Therapeutic Interventions

* Encourage patient to communicate own thoughts and perceptions with significant others in the environment. Validation of patient’s needs, thoughts, and perceptions will encourage trust and openness.
* Clarify patient’s misperceptions of events and situations that may result from memory impairment. Clarification is necessary and more easily accepted when offered in a respectful manner.
* Orient to time, place, person, and situation as needed. The patient’s ability to orient himself or herself may be impaired by memory loss.
* Minimize situations that provoke anxiety. Anxiety may impair patient’s ability to communicate, problem solve, and reason.
* Provide protective supervision. The patient’s safety is a priority. The patient may be unable to accurately assess potentially dangerous items and situations such as wet floors, electrical appliances, and verbal threats from other patients as a result of severe impairment in judgment.
* If patient is experiencing delusional thinking, assist him or her in recognizing the delusions. Acknowledge the delusions without agreeing to the content of the delusions. Delusions can be anxiety-provoking and distressing for patient. It is important to acknowledge this distress but to convey that one does not accept the delusions as real.

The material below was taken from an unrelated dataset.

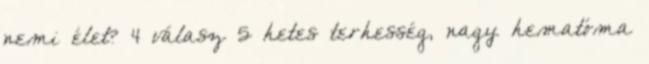
nemi élet? 4 válasz 5 hetes terhesség, nagy hematóma

* If patient is experiencing hallucinations (e.g., as indicated by inappropriate gestures, laughter, talking to oneself without the presence of others):
o Communicate verbally with patient by using concrete and direct words and avoiding gesturing so the patient is not threatened by the care provider.
o Encourage patient to inform staff when experiencing hallucinations. Contact from care provider can often distract the patient from the hallucination.
o Discuss content of the hallucinations to determine appropriate interventions. The nurse may be able to take measures that will reduce the frequency of the hallucination (e.g., leaving the lights on, or the door open).
o Determine whether the hallucinations are resulting in thoughts and/or plans to harm himself or herself or others. This enables the nurse to take protective measures for the safety of the patient and others.